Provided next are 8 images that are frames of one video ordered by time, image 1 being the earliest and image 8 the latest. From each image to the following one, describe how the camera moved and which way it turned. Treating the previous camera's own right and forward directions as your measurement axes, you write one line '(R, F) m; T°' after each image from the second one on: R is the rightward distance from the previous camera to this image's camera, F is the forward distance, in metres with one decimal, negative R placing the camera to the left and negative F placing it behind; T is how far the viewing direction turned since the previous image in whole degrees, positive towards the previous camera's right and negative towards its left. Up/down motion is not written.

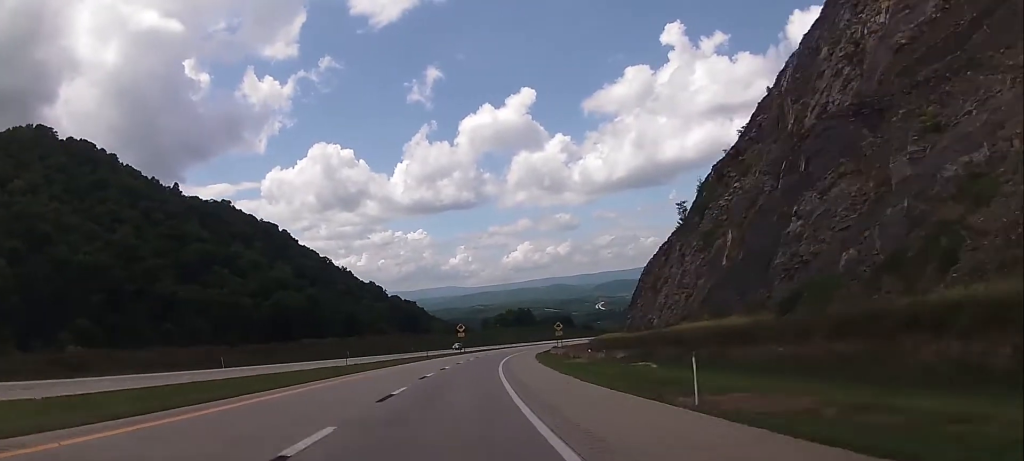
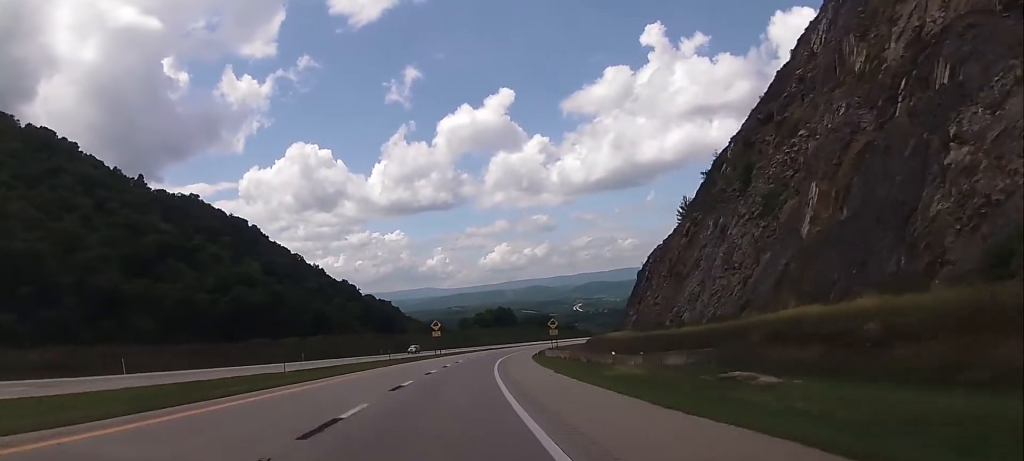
(-0.2, +19.7) m; +2°
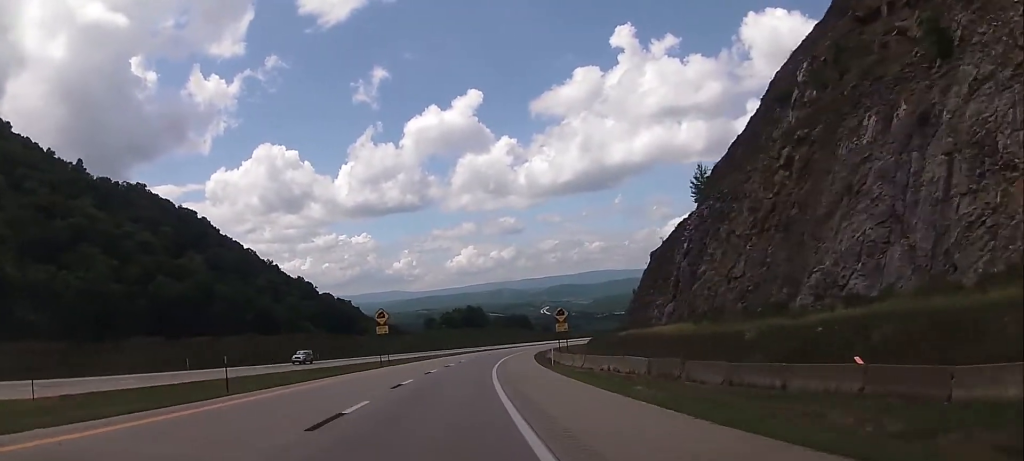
(+1.8, +35.0) m; +3°
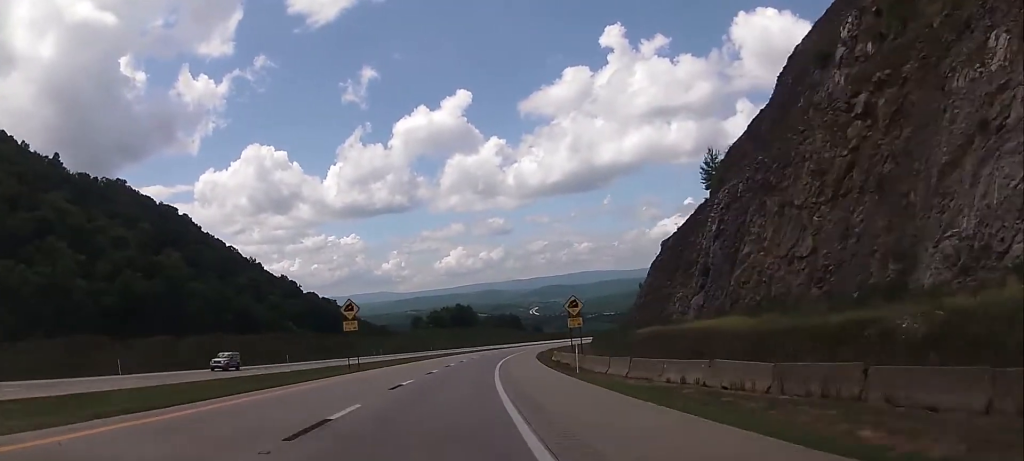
(0.0, +13.1) m; +1°
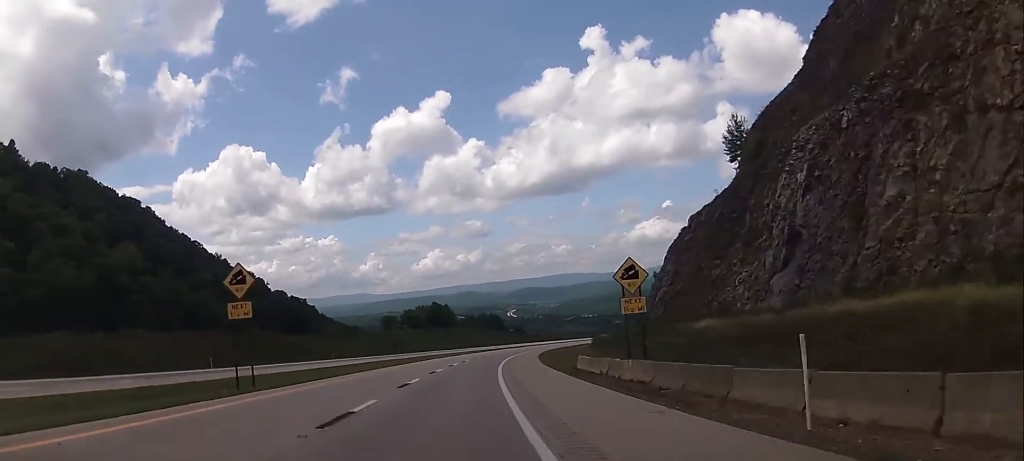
(0.0, +23.0) m; +2°
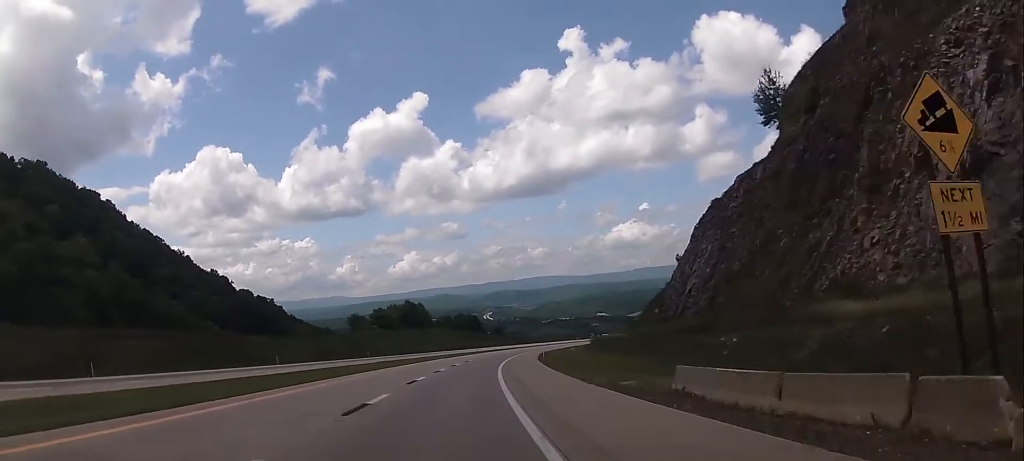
(+0.6, +21.9) m; +2°
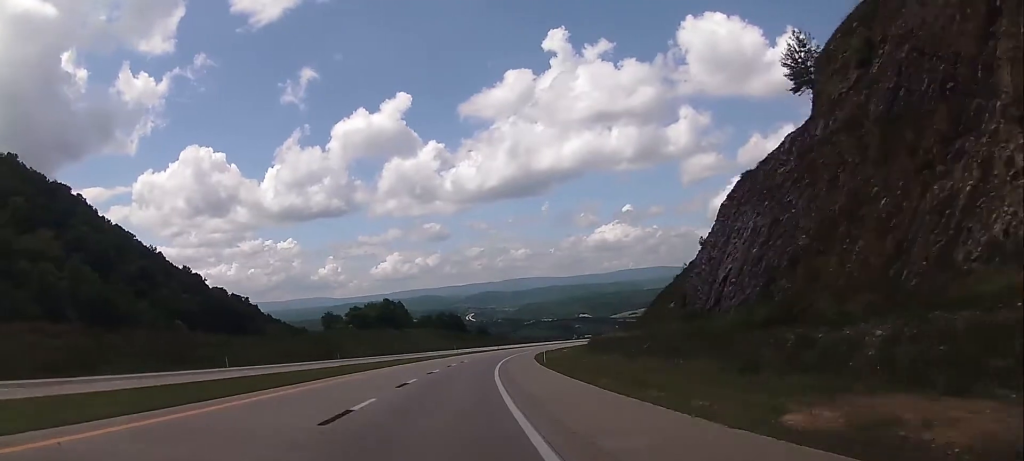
(+0.2, +14.2) m; +1°
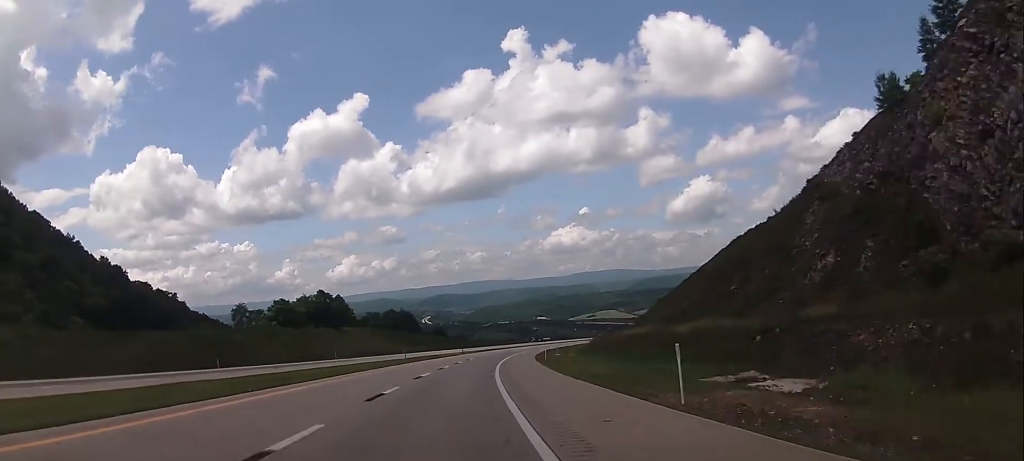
(+1.3, +42.8) m; +4°

Action item: Your task is to set down the records shown above exactly, minus any pictures.

Answer section:
Provided next are 8 images that are frames of one video ordered by time, image 1 being the earliest and image 8 the latest. From each image to the following one, describe how the camera moved and which way it turned. Treating the previous camera's own right and forward directions as your measurement axes, you write one line '(R, F) m; T°' after each image from the second one on: R is the rightward distance from the previous camera to this image's camera, F is the forward distance, in metres with one decimal, negative R placing the camera to the left and negative F placing it behind; T is how far the viewing direction turned since the previous image in whole degrees, positive towards the previous camera's right and negative towards its left. Up/down motion is not written.

(-0.2, +19.7) m; +2°
(+1.8, +35.0) m; +3°
(0.0, +13.1) m; +1°
(0.0, +23.0) m; +2°
(+0.6, +21.9) m; +2°
(+0.2, +14.2) m; +1°
(+1.3, +42.8) m; +4°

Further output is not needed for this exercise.